**Problem requirements:**
Only the lines from the one that contains "Au revoir, à bientôt !" through the last line of the data below should be duplicated, exactly and without pictures.

**Provided material:**

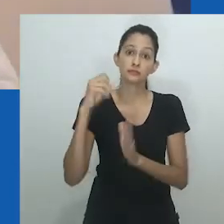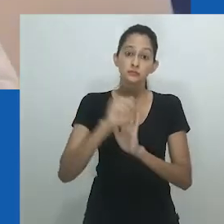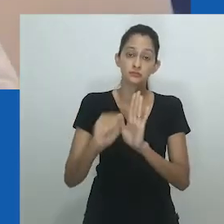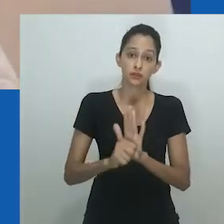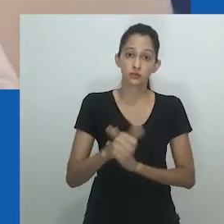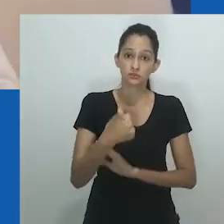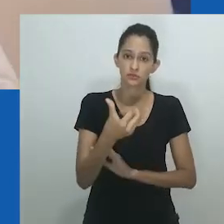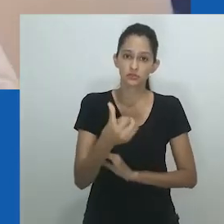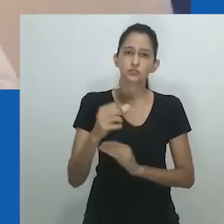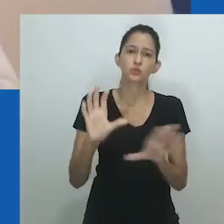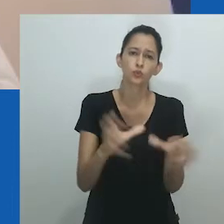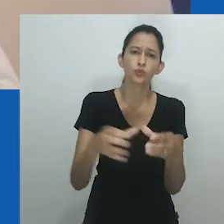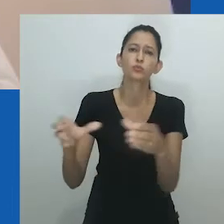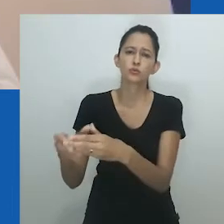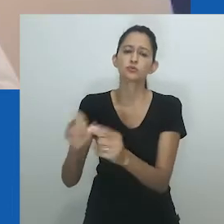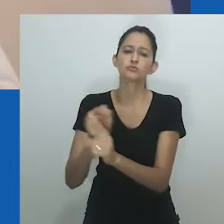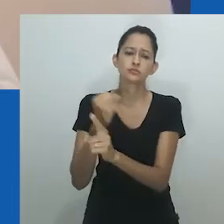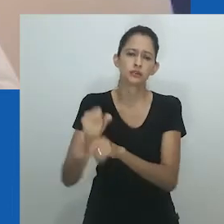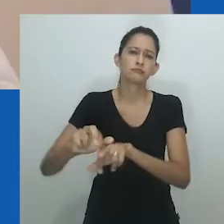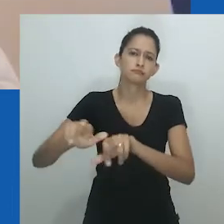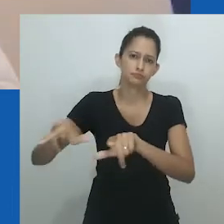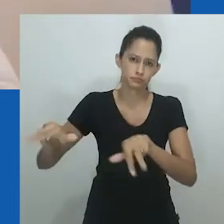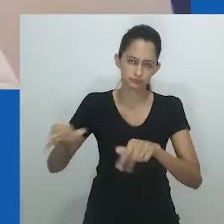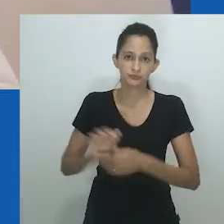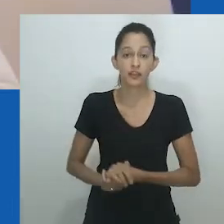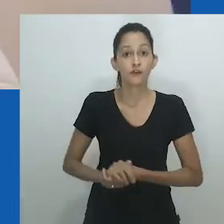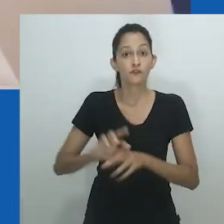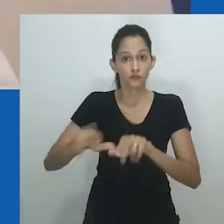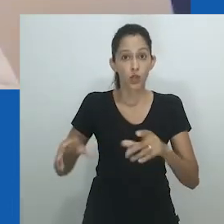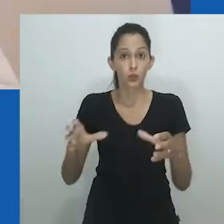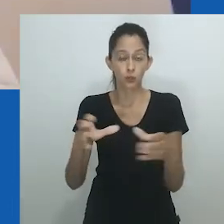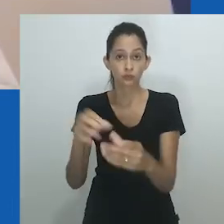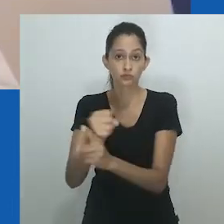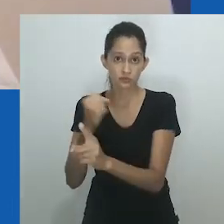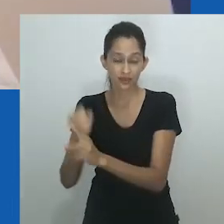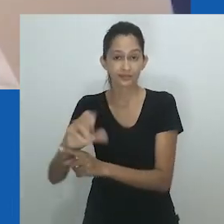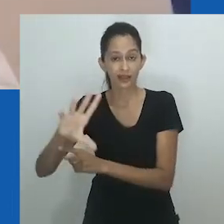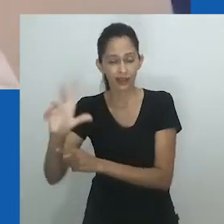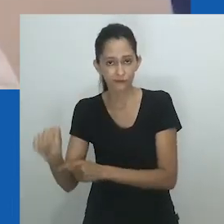a elite educada e os convertidos cristãos logo a abandonaram no período colonial.
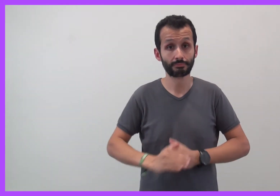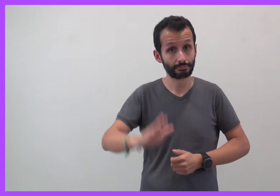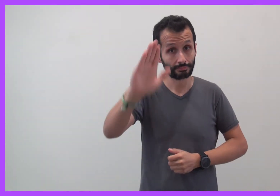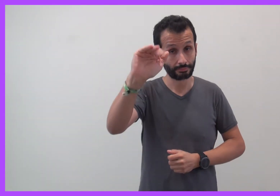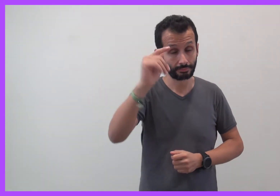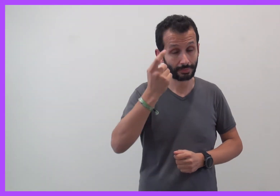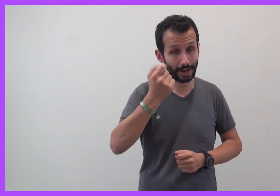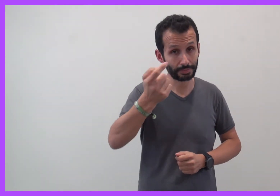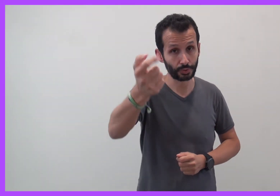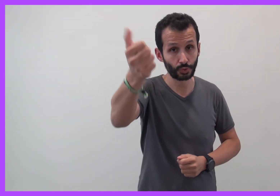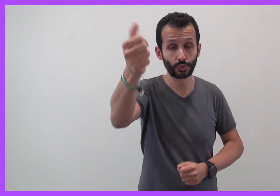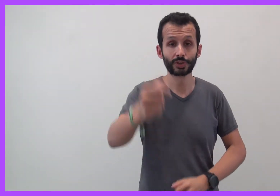Au revoir, à bientôt !
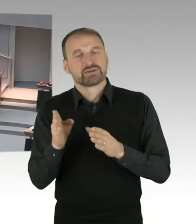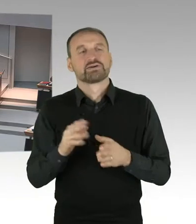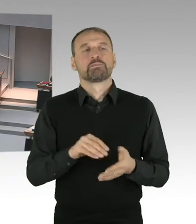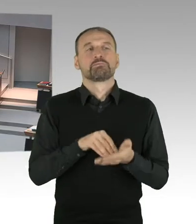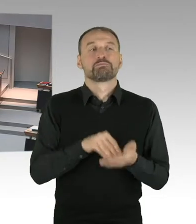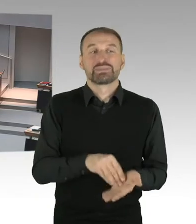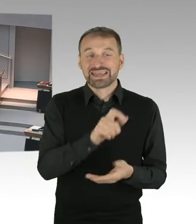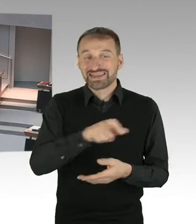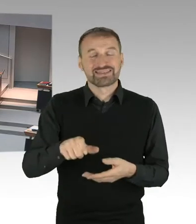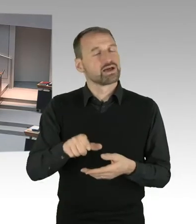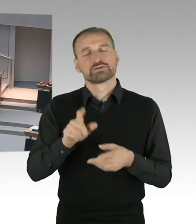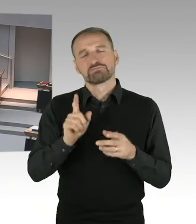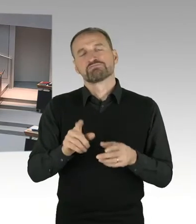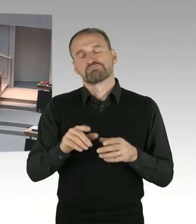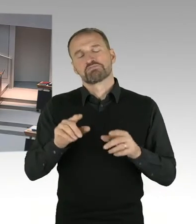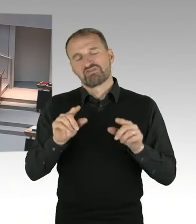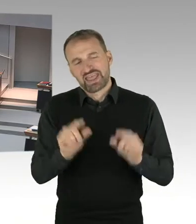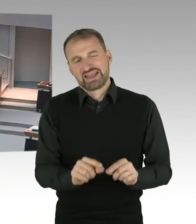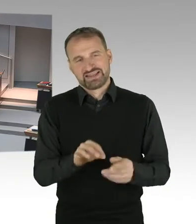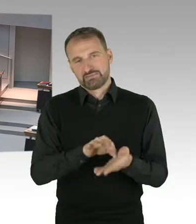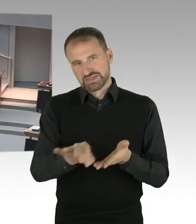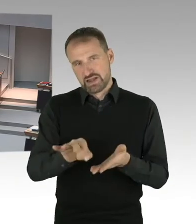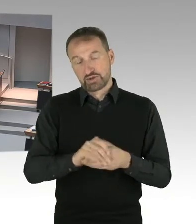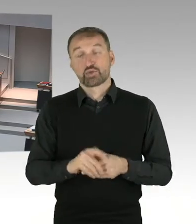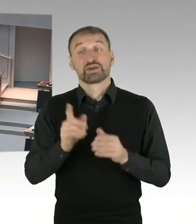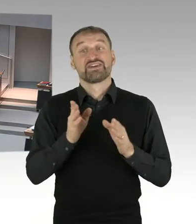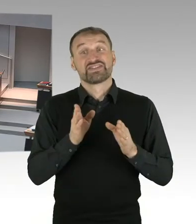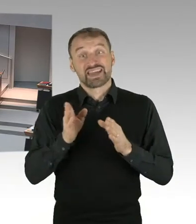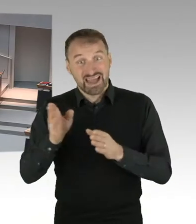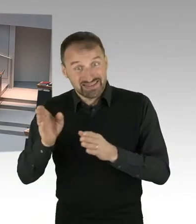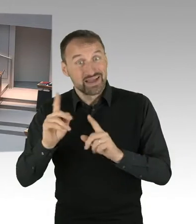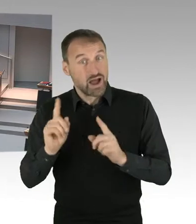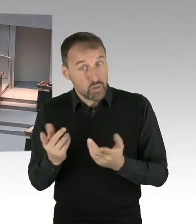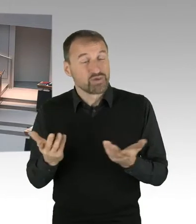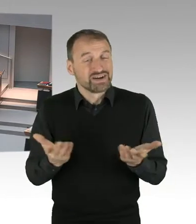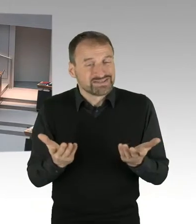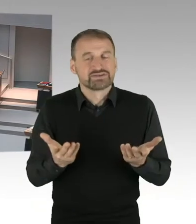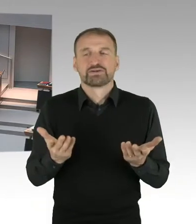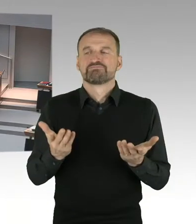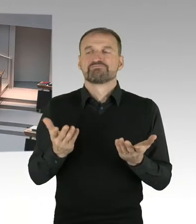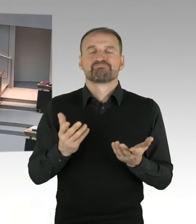die sagen wir mal, an sehr besonderen Lagen, sehr besondere, alleinstehende Häuser haben,

**Exercise solution:**
Au revoir, à bientôt !
die sagen wir mal, an sehr besonderen Lagen, sehr besondere, alleinstehende Häuser haben,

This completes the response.